* **EXERCISE DIRECTIONS**:
Could you give the data below again exactly, apart from the pictures?

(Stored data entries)
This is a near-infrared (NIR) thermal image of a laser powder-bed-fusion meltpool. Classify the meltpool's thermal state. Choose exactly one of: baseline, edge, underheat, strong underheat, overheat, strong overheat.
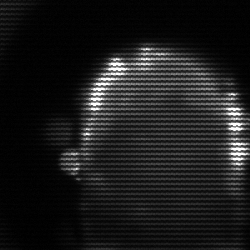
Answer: baseline
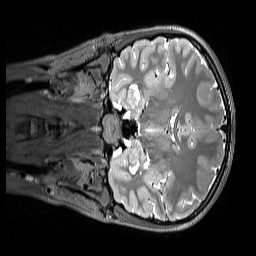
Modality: T2w
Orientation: coronal
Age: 13
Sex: female
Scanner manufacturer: siemens
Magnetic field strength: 3 T
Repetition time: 3.2 s
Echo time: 0.408 s
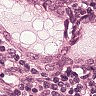
Metastatic tissue present: yes
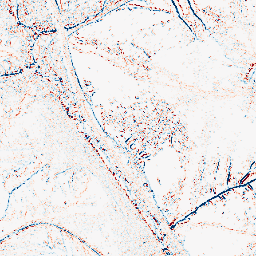
Category: edge_preserving
Decomposition family: median
Decomposition parameters: size: 3
Upsampling method: linear_exact
Upsampling parameters: scale: 4
Upsampling scale: 4
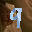
Label: 9
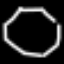
Label: octagon
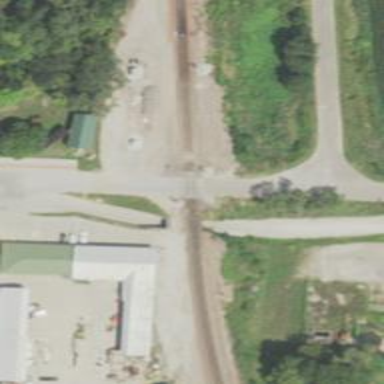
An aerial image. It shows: Tertiary road.
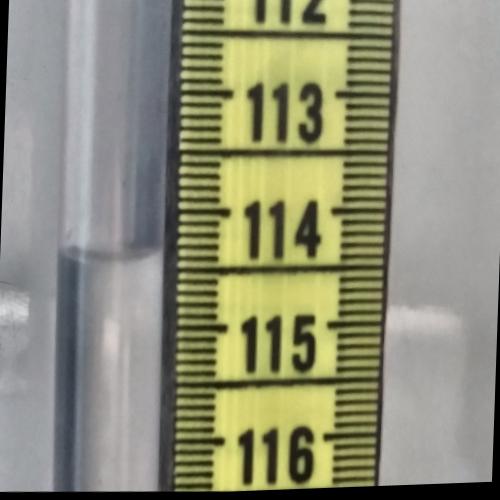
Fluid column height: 114.3 cm
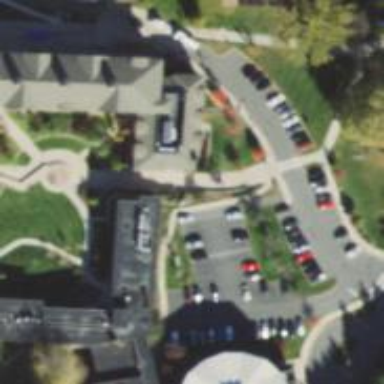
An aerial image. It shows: Residential building belonging to college.
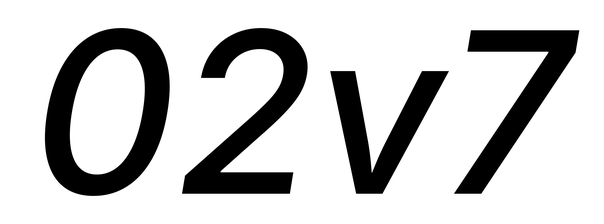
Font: Inter-Italic_Medium_Italic
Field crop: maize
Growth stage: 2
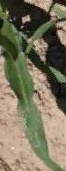
Species: maize
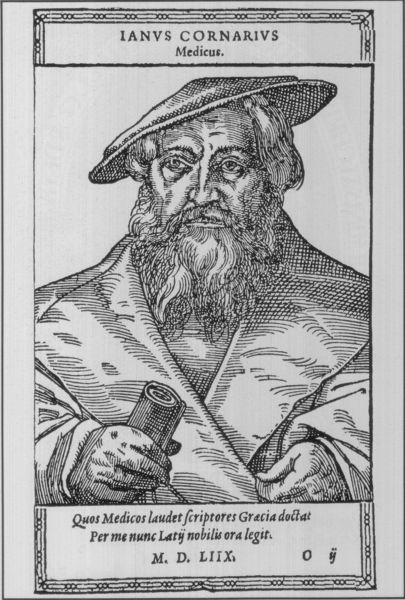
Titel: Bildnis des Janus Cornarus (eig. Johann Haynpol)
Künstler: Tobias Stimmer
Institution: (Seriendruck)
Schlagwörter: hand, mann, weiß, finger, geste, grau, hut, mund, nase, schwarz, stirn, blick, alt, bart, mütze, schnurrbart, augen, falten, gesicht, kragen, mensch, rahmen, vollbart, bildnis, herr, hände, portrait, porträt, haare, mantel, frontal, lippen, holzschnitt, schrift, man, grafik, graphik, rand, schnurbart, name, druck, schwarzweiss, schraffur, holzstich, radierung, stich, barrett, text, buchstaben, potrtait, worte, arzt, medizin, rolle, barett, schriftrolle, gelehrter, kupferstich, doktor, latein, mediziner, lateinisch, wörter, ianus, bard, buchrolle, medicus, janus, kupfertsich, 1558, mitelalterlicher arzt, schnurrbard, medizinier
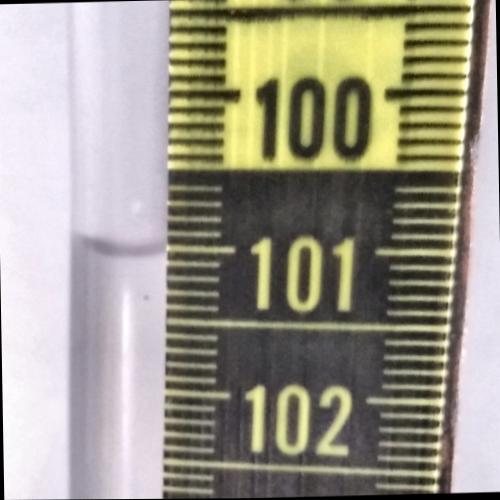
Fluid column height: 101.0 cm
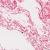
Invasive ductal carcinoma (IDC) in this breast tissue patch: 0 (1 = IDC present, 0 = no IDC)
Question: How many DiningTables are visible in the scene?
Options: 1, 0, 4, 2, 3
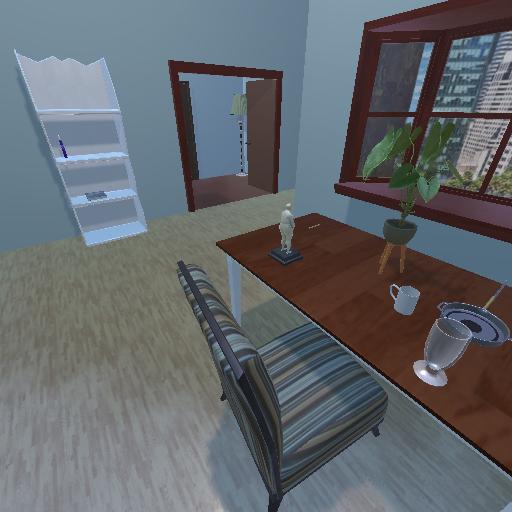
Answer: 1
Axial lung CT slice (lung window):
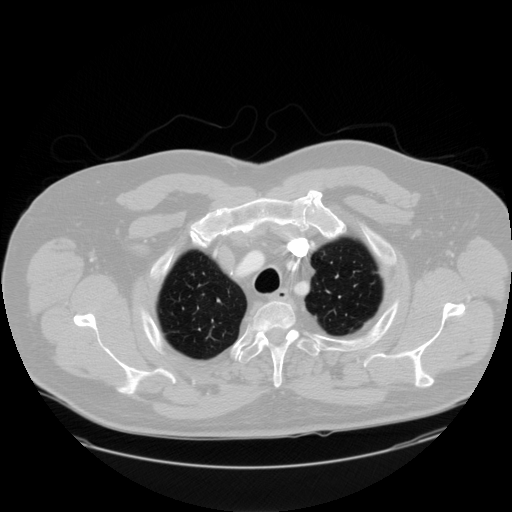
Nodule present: no
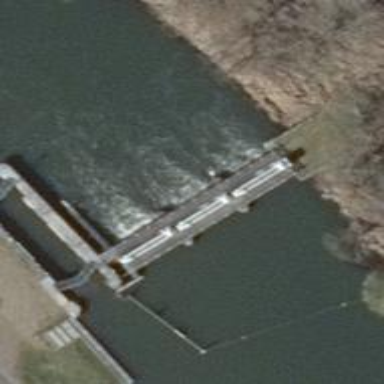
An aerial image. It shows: Weir along the waterway.
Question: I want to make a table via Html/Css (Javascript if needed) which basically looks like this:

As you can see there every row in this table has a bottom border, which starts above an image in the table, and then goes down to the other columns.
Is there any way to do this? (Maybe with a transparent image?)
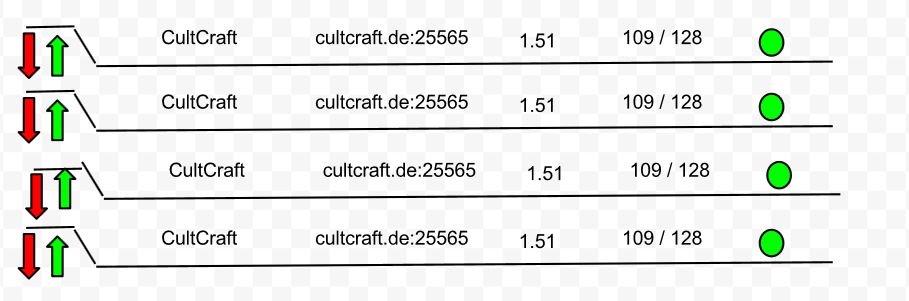
Answer: You can use a psudo element with a rotation to solve this:
Check out this jsfiddle
<URL>
You will likely have to play with the numbers a lot to get it to work with whatever you want.
what I used in this demo (no images) BUT only works for IE9+
html:
'''
<table>
<tr><td><div></div></td><td></td><td>Some sort of text</td></tr>
<tr><td><div></div></td><td></td><td>Some sort of text</td></tr>
<tr><td><div></div></td><td></td><td>Some sort of text</td></tr>
</table>
'''
css:
'''
table {
width: 400px;
}
td:first-child {
border-top: 1px solid black;
width: 20px;
}
td:first-child:after {
content: '';
border-top: 1px solid black;
display: block;
width: 28px;
height: 1px;
float: left;
position:relative;
top: -5px;
left: 24px;
transform:rotate(45deg);
-ms-transform:rotate(45deg); /* IE 9 */
-moz-transform:rotate(45deg); /* Firefox */
-webkit-transform:rotate(45deg); /* Safari and Chrome */
-o-transform:rotate(45deg); /* Opera */
}
td:first-child div {
width: 10px;
height: 10px;
background-color: red;
}
td:nth-child(2) {
width: 14px;
}
td:last-child {
border-bottom: 1px solid black;
}
'''
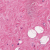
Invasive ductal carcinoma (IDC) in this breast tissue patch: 0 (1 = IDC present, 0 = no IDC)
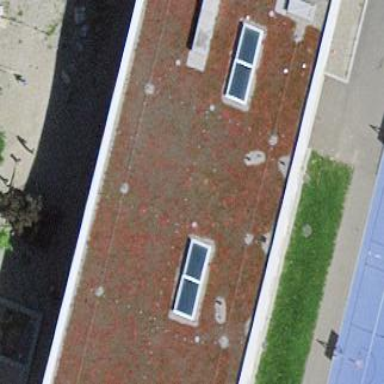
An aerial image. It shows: School building.
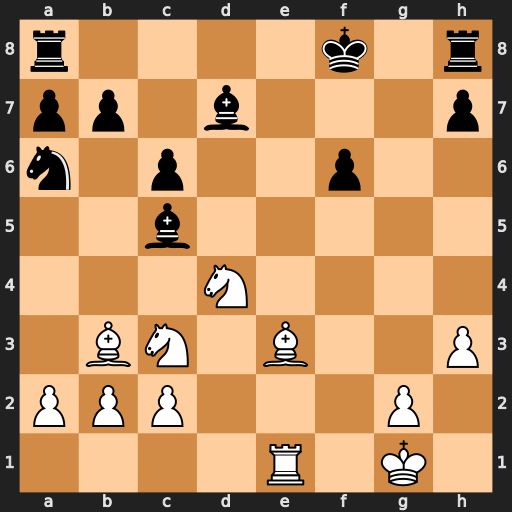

* **SOLUTION FOR THIS TASK**:
This is a near-infrared (NIR) thermal image of a laser powder-bed-fusion meltpool. Classify the meltpool's thermal state. Choose exactly one of: baseline, edge, underheat, strong underheat, overheat, strong overheat.
Answer: baseline
Modality: T2w
Orientation: coronal
Age: 13
Sex: female
Scanner manufacturer: siemens
Magnetic field strength: 3 T
Repetition time: 3.2 s
Echo time: 0.408 s
Metastatic tissue present: yes
Category: edge_preserving
Decomposition family: median
Decomposition parameters: size: 3
Upsampling method: linear_exact
Upsampling parameters: scale: 4
Upsampling scale: 4
Label: 9
Label: octagon
An aerial image. It shows: Tertiary road.
Fluid column height: 114.3 cm
An aerial image. It shows: Residential building belonging to college.
Font: Inter-Italic_Medium_Italic
Field crop: maize
Growth stage: 2
Species: maize
Titel: Bildnis des Janus Cornarus (eig. Johann Haynpol)
Künstler: Tobias Stimmer
Institution: (Seriendruck)
Schlagwörter: hand, mann, weiß, finger, geste, grau, hut, mund, nase, schwarz, stirn, blick, alt, bart, mütze, schnurrbart, augen, falten, gesicht, kragen, mensch, rahmen, vollbart, bildnis, herr, hände, portrait, porträt, haare, mantel, frontal, lippen, holzschnitt, schrift, man, grafik, graphik, rand, schnurbart, name, druck, schwarzweiss, schraffur, holzstich, radierung, stich, barrett, text, buchstaben, potrtait, worte, arzt, medizin, rolle, barett, schriftrolle, gelehrter, kupferstich, doktor, latein, mediziner, lateinisch, wörter, ianus, bard, buchrolle, medicus, janus, kupfertsich, 1558, mitelalterlicher arzt, schnurrbard, medizinier
Fluid column height: 101.0 cm
Invasive ductal carcinoma (IDC) in this breast tissue patch: 0 (1 = IDC present, 0 = no IDC)
Question: How many DiningTables are visible in the scene?
Options: 1, 0, 4, 2, 3
Answer: 1
Axial lung CT slice (lung window):
Nodule present: no
An aerial image. It shows: Weir along the waterway.
Question: I want to make a table via Html/Css (Javascript if needed) which basically looks like this:

As you can see there every row in this table has a bottom border, which starts above an image in the table, and then goes down to the other columns.
Is there any way to do this? (Maybe with a transparent image?)
Answer: You can use a psudo element with a rotation to solve this:
Check out this jsfiddle
<URL>
You will likely have to play with the numbers a lot to get it to work with whatever you want.
what I used in this demo (no images) BUT only works for IE9+
html:
'''
<table>
<tr><td><div></div></td><td></td><td>Some sort of text</td></tr>
<tr><td><div></div></td><td></td><td>Some sort of text</td></tr>
<tr><td><div></div></td><td></td><td>Some sort of text</td></tr>
</table>
'''
css:
'''
table {
width: 400px;
}
td:first-child {
border-top: 1px solid black;
width: 20px;
}
td:first-child:after {
content: '';
border-top: 1px solid black;
display: block;
width: 28px;
height: 1px;
float: left;
position:relative;
top: -5px;
left: 24px;
transform:rotate(45deg);
-ms-transform:rotate(45deg); /* IE 9 */
-moz-transform:rotate(45deg); /* Firefox */
-webkit-transform:rotate(45deg); /* Safari and Chrome */
-o-transform:rotate(45deg); /* Opera */
}
td:first-child div {
width: 10px;
height: 10px;
background-color: red;
}
td:nth-child(2) {
width: 14px;
}
td:last-child {
border-bottom: 1px solid black;
}
'''
Invasive ductal carcinoma (IDC) in this breast tissue patch: 0 (1 = IDC present, 0 = no IDC)
An aerial image. It shows: School building.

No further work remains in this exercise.